エッヘン宮中伯

「この騒ぎは何だ!!! ええい密だ!!! 散れ散れぇ!!!」


 エッヘンは馬上でムチを振り回し、噴水の近くに集まっていたフンバルドルフの住民を追い散らす。


 銀色の甲冑に身を包んだ衛兵もエッヘンに続く。衛兵は先端を布で包んだ棒を持ち、奇妙な掛け声を上げながら人々を突っついて追い散らしていた。


「密だッ!!」

「密だッ!!」

「密だッ!!」


 密だ、というのは、集まるなということだろうか。

 どこか既視感のある光景に東都は首を傾げる。


(なんかどこかで聞いたような……)


「やめんか!! なんのつもりだ!」


 ウォーシュ伯爵は馬の前に両手を広げて立ちはだかる。


 幸いケガをしている人はいないようだ。だが馬に乗って群衆に突進するのはとても危険な行為だ。
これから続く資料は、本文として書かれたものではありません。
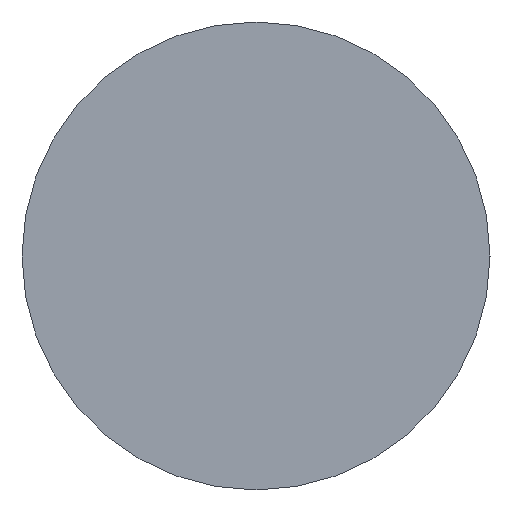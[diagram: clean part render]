
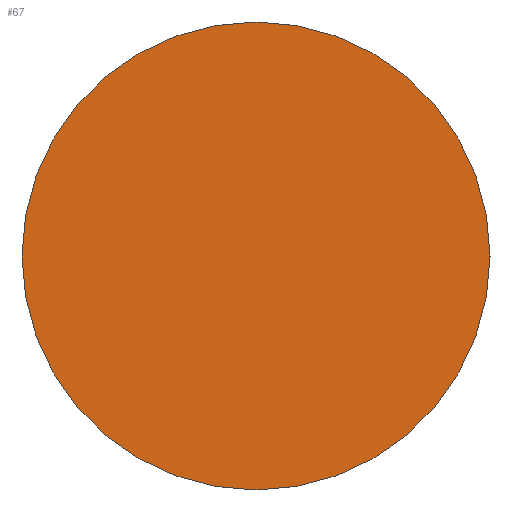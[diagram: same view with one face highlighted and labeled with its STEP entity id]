
A CAD part, left-side view. The second image highlights one B-rep face of the part: STEP entity #67.
In plain terms, the highlighted planar face has unit normal (-1, 0, 0).
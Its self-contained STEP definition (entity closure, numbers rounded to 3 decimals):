
#5 = CARTESIAN_POINT ( 'NONE',  ( 515.192, 110.497, -25. ) ) ;
#23 = DIRECTION ( 'NONE',  ( -1., 0., 0. ) ) ;
#28 = CARTESIAN_POINT ( 'NONE',  ( 515.192, 110.497, 0. ) ) ;
#44 = EDGE_LOOP ( 'NONE', ( #112, #144 ) ) ;
#51 = EDGE_CURVE ( 'NONE', #68, #141, #101, .T. ) ;
#67 = ADVANCED_FACE ( 'NONE', ( #98 ), #174, .F. ) ;
#68 = VERTEX_POINT ( 'NONE', #5 ) ;
#74 = EDGE_CURVE ( 'NONE', #141, #68, #123, .T. ) ;
#78 = CARTESIAN_POINT ( 'NONE',  ( 515.192, 110.497, 25. ) ) ;
#88 = CARTESIAN_POINT ( 'NONE',  ( 515.192, 110.497, 0. ) ) ;
#98 = FACE_OUTER_BOUND ( 'NONE', #44, .T. ) ;
#101 = CIRCLE ( 'NONE', #105, 25. ) ;
#103 = DIRECTION ( 'NONE',  ( 1., 0., 0. ) ) ;
#105 = AXIS2_PLACEMENT_3D ( 'NONE', #28, #155, #154 ) ;
#109 = CARTESIAN_POINT ( 'NONE',  ( 515.192, 110.497, 0. ) ) ;
#112 = ORIENTED_EDGE ( 'NONE', *, *, #74, .T. ) ;
#116 = DIRECTION ( 'NONE',  ( 0., 0., -1. ) ) ;
#123 = CIRCLE ( 'NONE', #186, 25. ) ;
#134 = DIRECTION ( 'NONE',  ( 0., 0., 1. ) ) ;
#141 = VERTEX_POINT ( 'NONE', #78 ) ;
#144 = ORIENTED_EDGE ( 'NONE', *, *, #51, .T. ) ;
#154 = DIRECTION ( 'NONE',  ( 0., 0., 1. ) ) ;
#155 = DIRECTION ( 'NONE',  ( -1., 0., 0. ) ) ;
#163 = AXIS2_PLACEMENT_3D ( 'NONE', #88, #103, #116 ) ;
#174 = PLANE ( 'NONE',  #163 ) ;
#186 = AXIS2_PLACEMENT_3D ( 'NONE', #109, #23, #134 ) ;
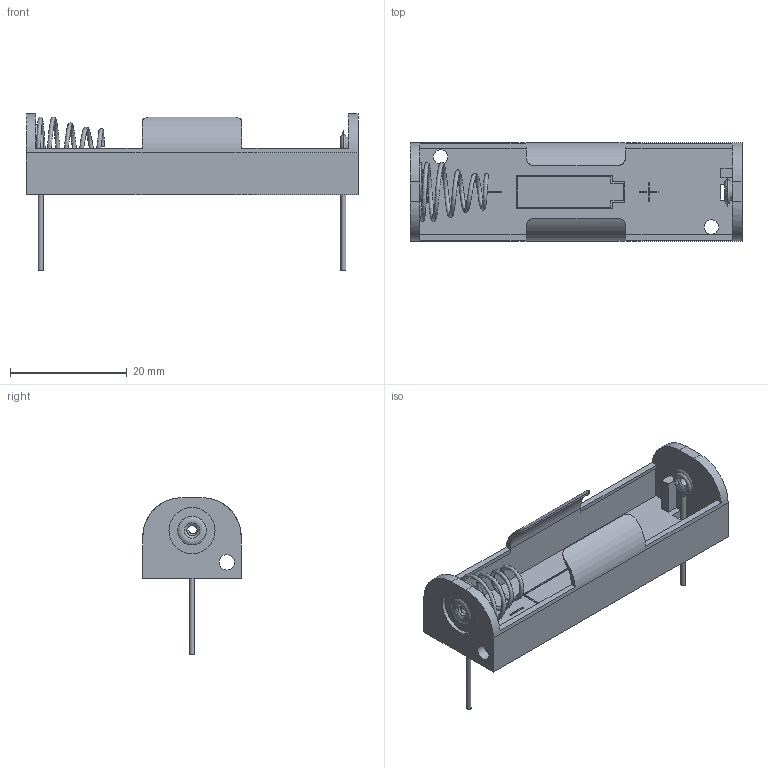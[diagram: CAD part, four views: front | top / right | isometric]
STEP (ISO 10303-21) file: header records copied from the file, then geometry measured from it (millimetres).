
FILE_DESCRIPTION(('FreeCAD Model'),'2;1');
FILE_NAME('Compound.step', '2016-04-26T08:16:58',('Author'),(''), 'Open CASCADE STEP processor 6.8','FreeCAD','Unknown');
FILE_SCHEMA(('AUTOMOTIVE_DESIGN_CC2 { 1 2 10303 214 -1 1 5 4 }'));
Length unit declared in the file: millimetre
Products named in the file (1): Compound
Bounding box: 57 x 16.89 x 26.9 mm (x, y, z)
Volume: 2866.1 mm3; surface area: 5458.8 mm2
Topology: 6 solids, 6 shells, 121 faces, 302 edges, 197 vertices
Faces by surface type: plane 84, cylinder 26, torus 8, bspline 3
Full cylindrical faces by diameter (mm): 0.864 x2, 1.778 x2, 2.489 x2, 2.667 x6, 7.925 x2
Entity records: 12807 total; most frequent: CARTESIAN_POINT 6006, DIRECTION 1037, LINE 632, VECTOR 632, ORIENTED_EDGE 604, PCURVE 604, DEFINITIONAL_REPRESENTATION 604, EDGE_CURVE 302

ひとつ間違えば大事故に繋がりかねない。


 そのことが自然と伯爵の体を動かしたのだろう。

 彼は興奮していた馬の口をとると、やさしく馬の額を撫でてなだめる。


「どう、どう! よし、いい子だ」


 伯爵は馬を落ち着かせる。

 街の人を踏み潰さんばかりに馬は荒ぶっていたが、彼の手によって、馬はすっかり毒気を抜かれたように大人しくなった。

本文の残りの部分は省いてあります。